I’ve seen a lot of confusion over what precisely the term ‘observable universe’ refers to. This post is an attempt to remedy that. Crossposted from my personal website.
In 1929, Edwin Hubble discovered that the universe is expanding. He observed that light emitted from distant celestial objects was redder than expected, due to the downward shift in frequency as their light receded from Earth. And the further away the objects were, the proportionately greater their redshift. Since objects were getting further apart from each other, figures like Lemaître and Friedmann reasoned that there must have been some point in the past at which the whole universe was compressed into a single point.
Embarrassingly, linear extrapolation implied an age of the universe of 1-2 billion years, shorter than the known age of the oldest rocks on Earth. One of the difficulties is that expansion flipped from slowing down to speeding up after several billion years, and this requires complex observations of supernovae to account for. In any case, astronomers eventually measured the age of the universe at about 13.8 billion years. This implies three tempting definitions for the observable universe — that part of the whole universe which we can theoretically see — only one of which is correct.
Universe age in light-years: You would be forgiven for thinking that the observable universe is a sphere with a radius of 13.8 billion light-years centred on the Earth, since that’s how long light has had to reach us. However, this assumes the universe isn’t expanding or contracting.
The Hubble radius: Hubble found that the distance to a given galaxy was proportional to its recessional velocity, with a constant of proportionality now called the Hubble constant H. This implies there is a sphere past which everything is travelling away from us faster than the speed of light. This is known as the Hubble sphere, and it has a radius of around 14.4 billion light-years.
You may worry that this faster-than-light travel violates Einstein’s theory of relativity, which says that nothing can travel faster than light. However, what relativity says is that matter within space can’t travel faster than light, but nothing about how fast space itself can travel.
The Hubble sphere isn’t the observable universe either. The radius of the Hubble sphere will be given by c/H, where c is the speed of light. And the Hubble constant is decreasing: the relative velocities of celestial objects are (on average) growing more slowly than the distances between them.
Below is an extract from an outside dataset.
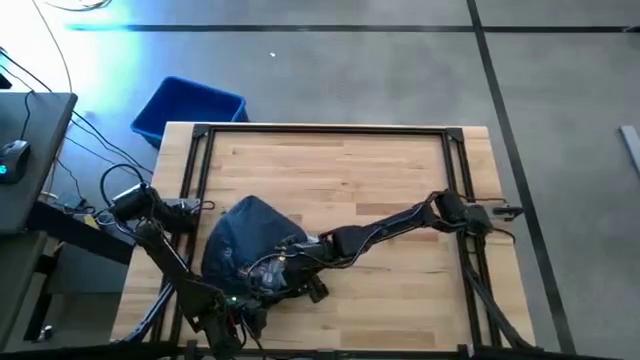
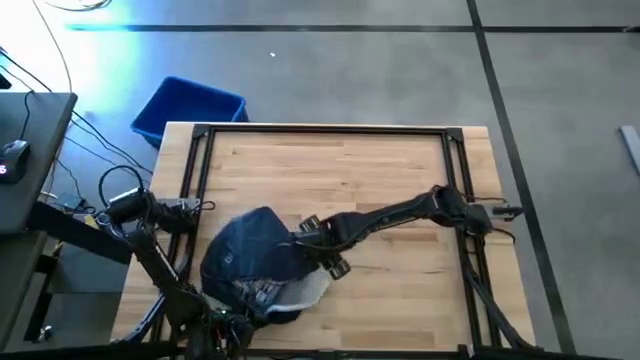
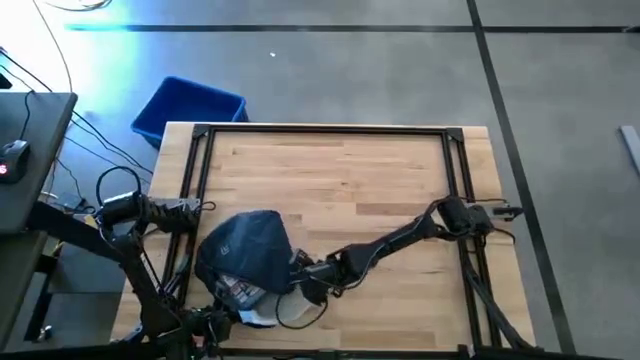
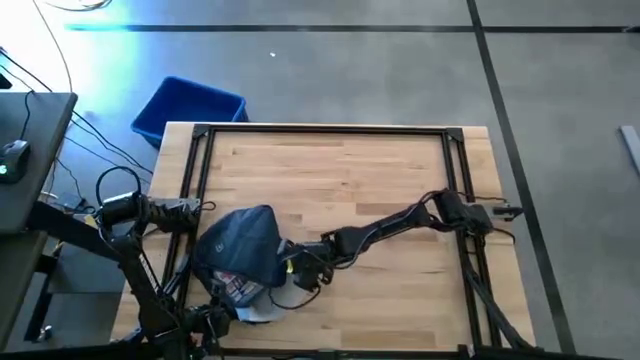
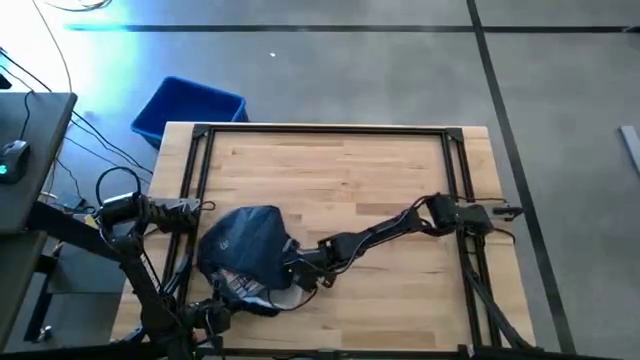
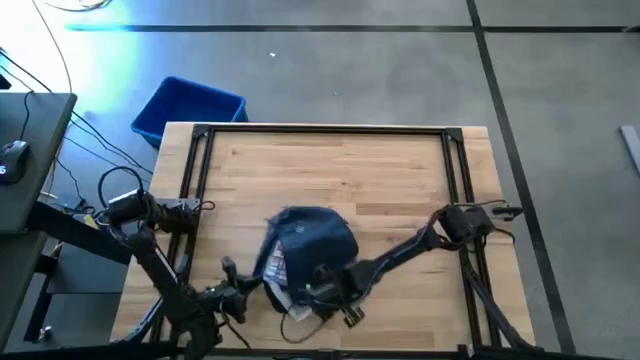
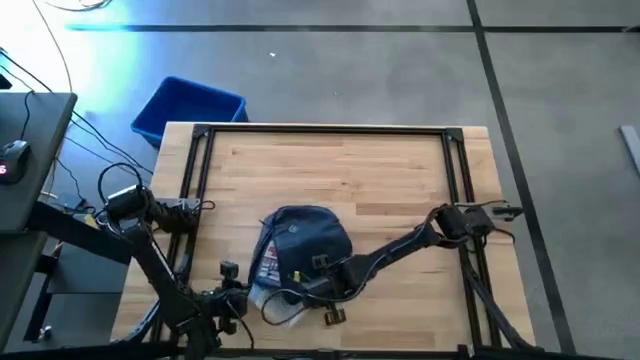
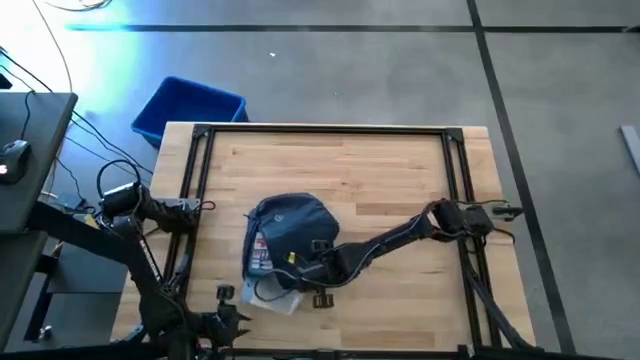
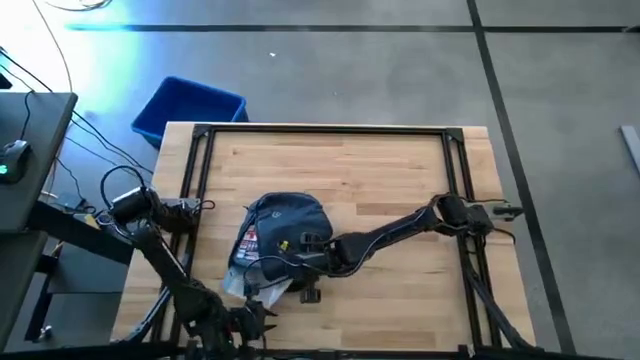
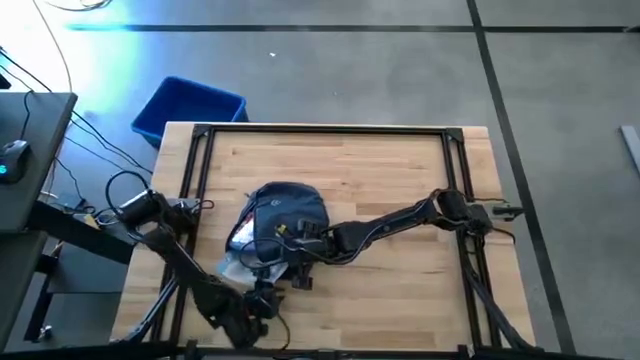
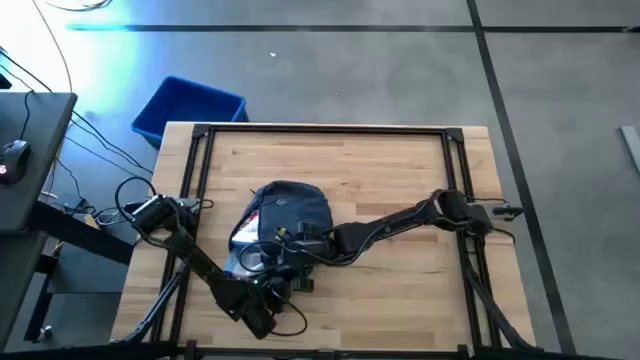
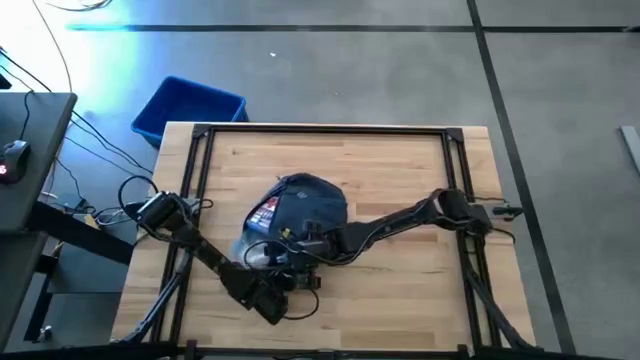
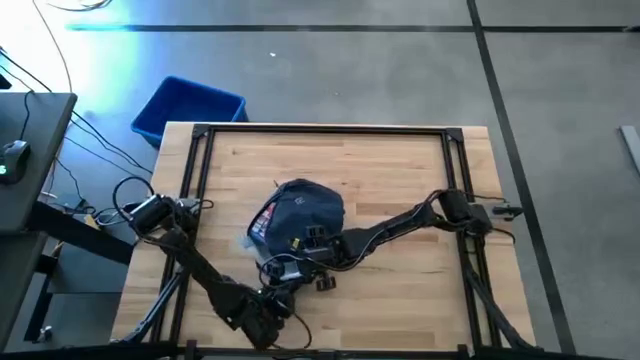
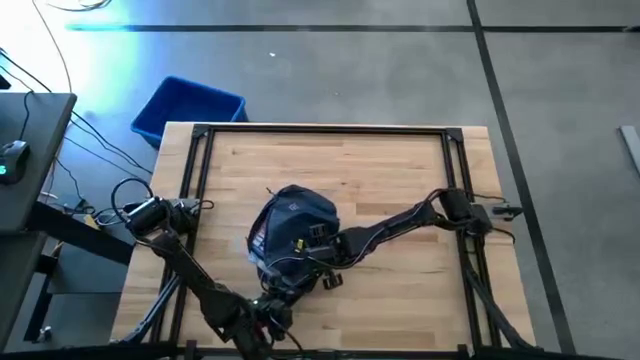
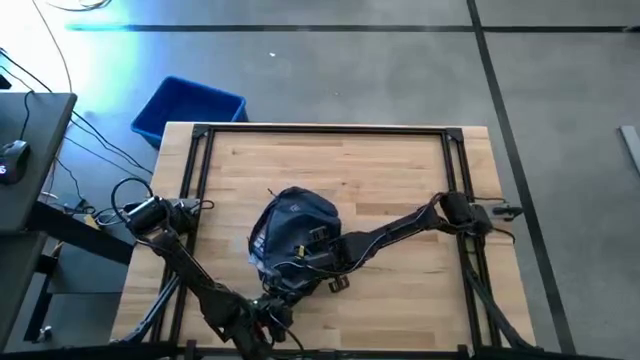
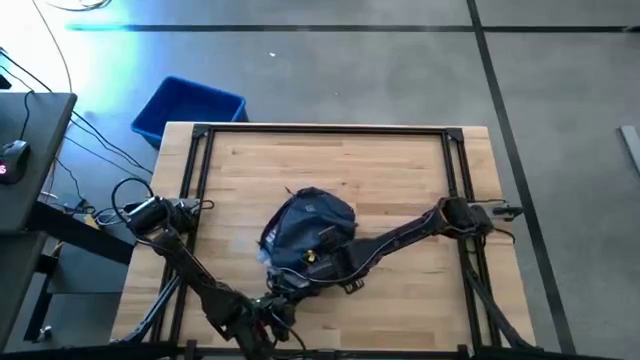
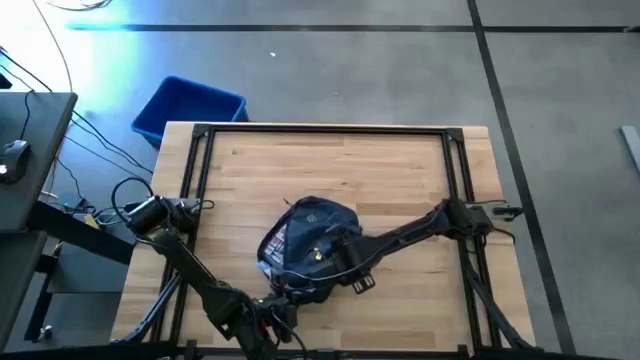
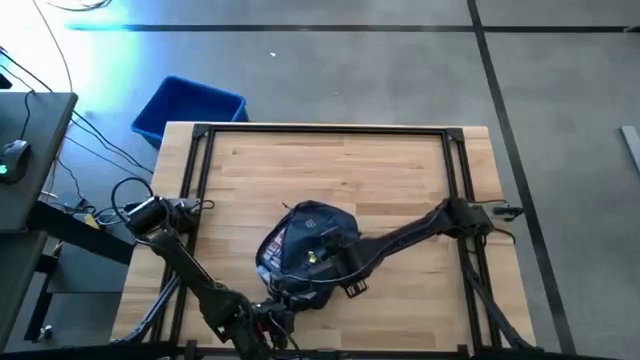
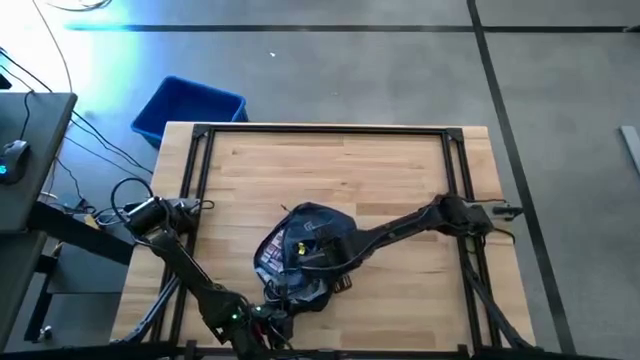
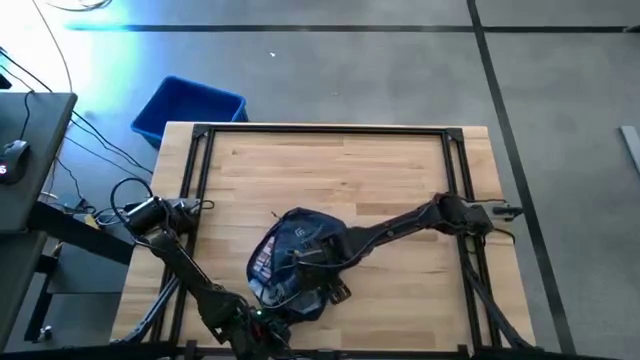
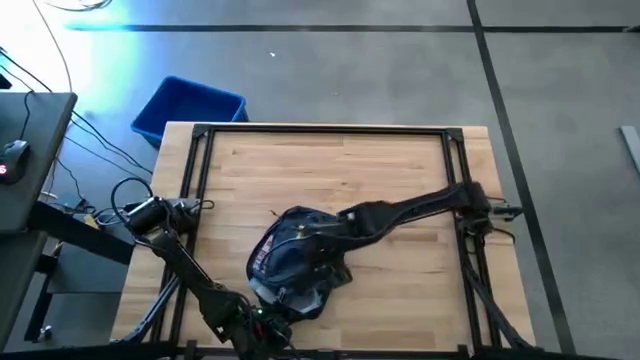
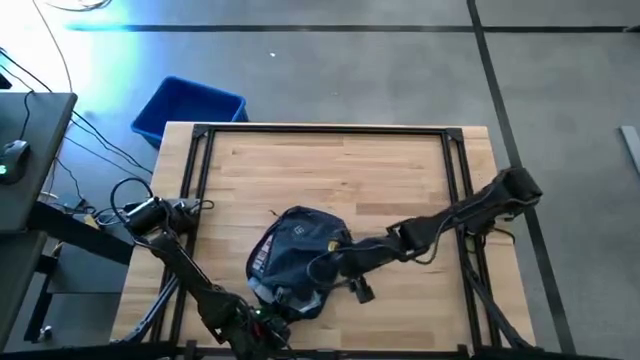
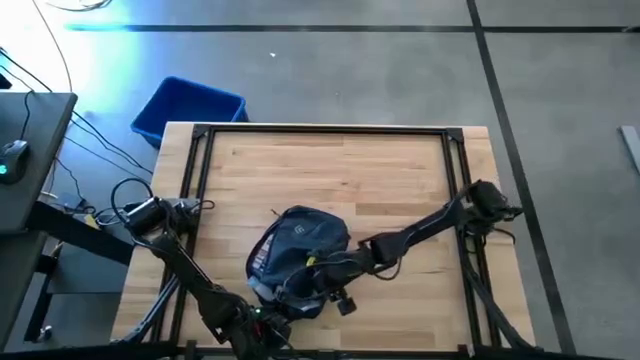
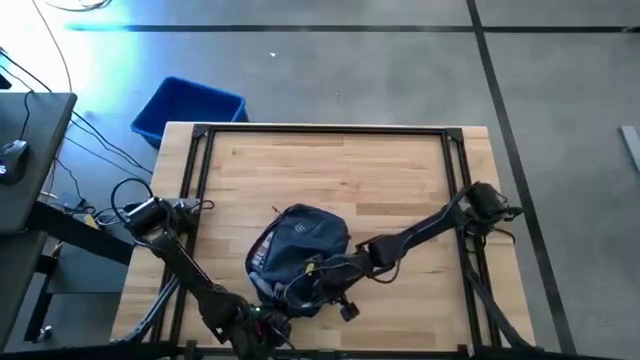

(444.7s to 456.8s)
Adjust the white zip bag in the bag

Therefore the Hubble sphere is expanding. If the Hubble sphere expands fast enough, light leaving an extremely distant object can get ‘caught’ and drop from the faster-than-light region outside the sphere to the slower-than-light region inside. Once this light is within the Hubble sphere, it can make its way to Earth (this is explained well in this video). If you work out their present distance from us, it turns out that all of the photons we receive from the first five billion years of the universe’s existence were all caught by the Hubble sphere. These objects were, are, and always will be travelling away from us faster than the speed of light!
The particle horizon: The full extent of the observable universe is bounded by the particle horizon, which is the region from which light has had time to reach us since the beginning of the universe, taking into account its expansion. The particle horizon has a radius of 46.5 billion light-years, so the observable universe is 93 billion light-years across.
The famous cosmic microwave background is at the particle horizon, and its light has taken 13.8 billion years to reach us (the fact that it consists of microwaves is an extreme version of redshifting). In the jargon, the proper distance (the actual distance not taking into account the expansion of the universe) is 46.5 billion light-years but the comoving distance (taking account of expansion) is 13.8 billion years.
The particle horizon limits how far in distance we can observe, while the Hubble sphere limits how far back in time we can observe. We could never see objects outside the Hubble sphere as they are now, no matter how long we waited. Moreover, just as light can get caught in the Hubble sphere, the expansion of space can push light out of it. Every second, 20,000 stars become newly unobservable from Earth. In a few billion years, the observable universe will consist of only our Local Group of a few dozen galaxies. Future astronomers would gaze upon a barren universe.
Thanks to Gytis Daujotas for reading a draft of this post.
Another good resource on this, which distinguishes the affectable universe, the observable universe, the eventually observable universe, and the ultimately observable universe: The Edges of Our Universe by Toby Ord.
I'm embarrassed to admit I don't quite get what comoving vs proper distance is. Can you explain?
I think this explanation is good: https://en.wikipedia.org/wiki/Comoving_and_proper_distances#Uses_of_the_proper_distance
Comoving means the reference frame follows the particle itself (as opposed to us, the source, etc). Space is expanding behind the photon in addition to in front of it and it has to travel a long time to reach us. This makes us get different answers if we ask "how far is it between the object that emitted this photon and us today (proper distance)" vs asking "how long/far has the photon traveled(comoving distance)". For photons the comoving distance (ly) is identical to time of flight (yr).
I belive astronomy's use of "comoving" is slightly different from the special relativity meaning and astronomers ignore the time dialation and length contraction effects. So the frame follows the particle for the purposes of expansion but is still in our/the observers frame as far as time, length, velocity etc.
Nice to see some astronomy/cosmology post here. I quickly added the tag astronomy.
In 1929, Edwin Hubble discovered that the universe is expanding.
It appears to be expanding. While the consensus is that it does expand, there are quite a few unexplained details and alternative hypotheses about that.